8. Il résulte de tout ce qui précède que l’obligation de quitter le territoire français prononcée le 20 décembre 2025 par le préfet de la Seine-Saint-Denis doit être annulée, ainsi, par voie de conséquence, que les décisions du même jour portant refus d’octroi d’un délai de départ volontaire, désignation du pays de renvoi et interdiction de retour sur le territoire français.

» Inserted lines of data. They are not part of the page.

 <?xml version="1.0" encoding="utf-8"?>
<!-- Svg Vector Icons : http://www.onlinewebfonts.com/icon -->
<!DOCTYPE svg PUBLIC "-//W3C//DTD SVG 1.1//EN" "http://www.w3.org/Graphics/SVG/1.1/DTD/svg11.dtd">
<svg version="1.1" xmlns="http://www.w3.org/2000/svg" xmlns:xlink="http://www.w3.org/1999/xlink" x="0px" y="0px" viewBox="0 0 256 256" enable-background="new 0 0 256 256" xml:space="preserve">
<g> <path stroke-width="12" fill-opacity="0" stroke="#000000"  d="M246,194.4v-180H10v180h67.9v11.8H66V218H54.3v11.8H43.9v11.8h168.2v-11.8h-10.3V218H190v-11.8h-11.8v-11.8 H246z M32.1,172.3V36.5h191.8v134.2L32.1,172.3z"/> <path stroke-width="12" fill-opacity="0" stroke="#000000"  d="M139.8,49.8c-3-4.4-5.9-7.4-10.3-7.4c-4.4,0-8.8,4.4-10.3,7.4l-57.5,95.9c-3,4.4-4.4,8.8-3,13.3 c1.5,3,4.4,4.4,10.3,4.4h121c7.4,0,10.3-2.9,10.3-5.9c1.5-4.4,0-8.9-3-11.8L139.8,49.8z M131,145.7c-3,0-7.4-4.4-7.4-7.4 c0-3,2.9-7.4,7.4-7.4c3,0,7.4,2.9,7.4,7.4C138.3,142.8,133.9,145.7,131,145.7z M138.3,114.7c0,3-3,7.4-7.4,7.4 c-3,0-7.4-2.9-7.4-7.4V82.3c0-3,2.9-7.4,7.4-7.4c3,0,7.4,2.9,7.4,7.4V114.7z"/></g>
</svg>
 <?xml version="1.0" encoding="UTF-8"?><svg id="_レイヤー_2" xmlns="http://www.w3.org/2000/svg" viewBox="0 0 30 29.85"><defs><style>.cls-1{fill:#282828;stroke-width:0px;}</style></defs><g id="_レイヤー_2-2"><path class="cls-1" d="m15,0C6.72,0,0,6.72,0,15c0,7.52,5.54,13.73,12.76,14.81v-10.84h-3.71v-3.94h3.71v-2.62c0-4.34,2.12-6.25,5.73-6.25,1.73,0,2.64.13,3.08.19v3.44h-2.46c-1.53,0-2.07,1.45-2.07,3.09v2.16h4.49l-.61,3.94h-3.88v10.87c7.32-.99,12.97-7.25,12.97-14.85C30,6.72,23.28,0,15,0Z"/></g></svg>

Sur les conclusions à fin d’injonction :
9. Le motif de l’annulation prononcée implique implicitement mais nécessairement qu’il soit enjoint au préfet de la Seine-Saint-Denis, d’une part de prendre toute mesure propre à mettre fin au signalement de M. A… dans le système d’information Schengen procédant de l’interdiction de retour du 20 décembre 2025, dans le délai de cinq jours à compter de la notification du présent jugement, et d’autre part de réexaminer la situation de M. A…, dans le délai d’un mois à compter de cette notification, et de lui délivrer une autorisation provisoire de séjour, dans le délai de trois jours à compter de la même notification.
Sur les frais du litige :
10. Il y a lieu, dans les circonstances de l’espèce, de mettre à la charge de l’Etat une somme de 1 200 euros en application des dispositions de l’article L. 761-1 du code de justice administrative.
D E C I D E :
Article 1er : Les décisions du 20 décembre 2025 par lesquelles le préfet de la Seine-Saint-Denis a obligé M. A… à quitter le territoire français, a refusé de lui octroyer un délai de départ volontaire, a fixé le pays à destination duquel il est susceptible d’être éloigné et a interdit son retour sur le territoire français pour une durée de deux ans, sont annulées.
Article 2 : Il est enjoint au préfet de la Seine-Saint-Denis de prendre toute mesure propre à mettre fin au signalement de M. A… dans le système d’information Schengen procédant de l’interdiction de retour du 20 décembre 2025 ci-dessus annulée, dans le délai de cinq jours à compter de la notification du jugement.
Article 3 : Il est enjoint au préfet de la Seine-Saint-Denis de réexaminer la situation de M. A…, dans le délai d’un mois à compter de la notification du jugement, et de lui délivrer une autorisation provisoire de séjour, dans le délai de trois jours à compter de la même notification.
Article 4 : L’Etat versera à M. A… une somme de 1 200 euros au titre des dispositions de l’article L. 761-1 du code de justice administrative.
Article 5 : Le surplus des conclusions de la requête est rejeté.
Rendu public par mise à disposition au greffe le 16 janvier 2026.
La magistrate désignée,
C. LetortLa greffière,
MD. Adelon
La République mande et ordonne au préfet de la Seine-Saint-Denis en ce qui le concerne et à tous commissaires de justice à ce requis en ce qui concerne les voies de droit commun, contre les parties privées, de pourvoir à l’exécution de la présente décision.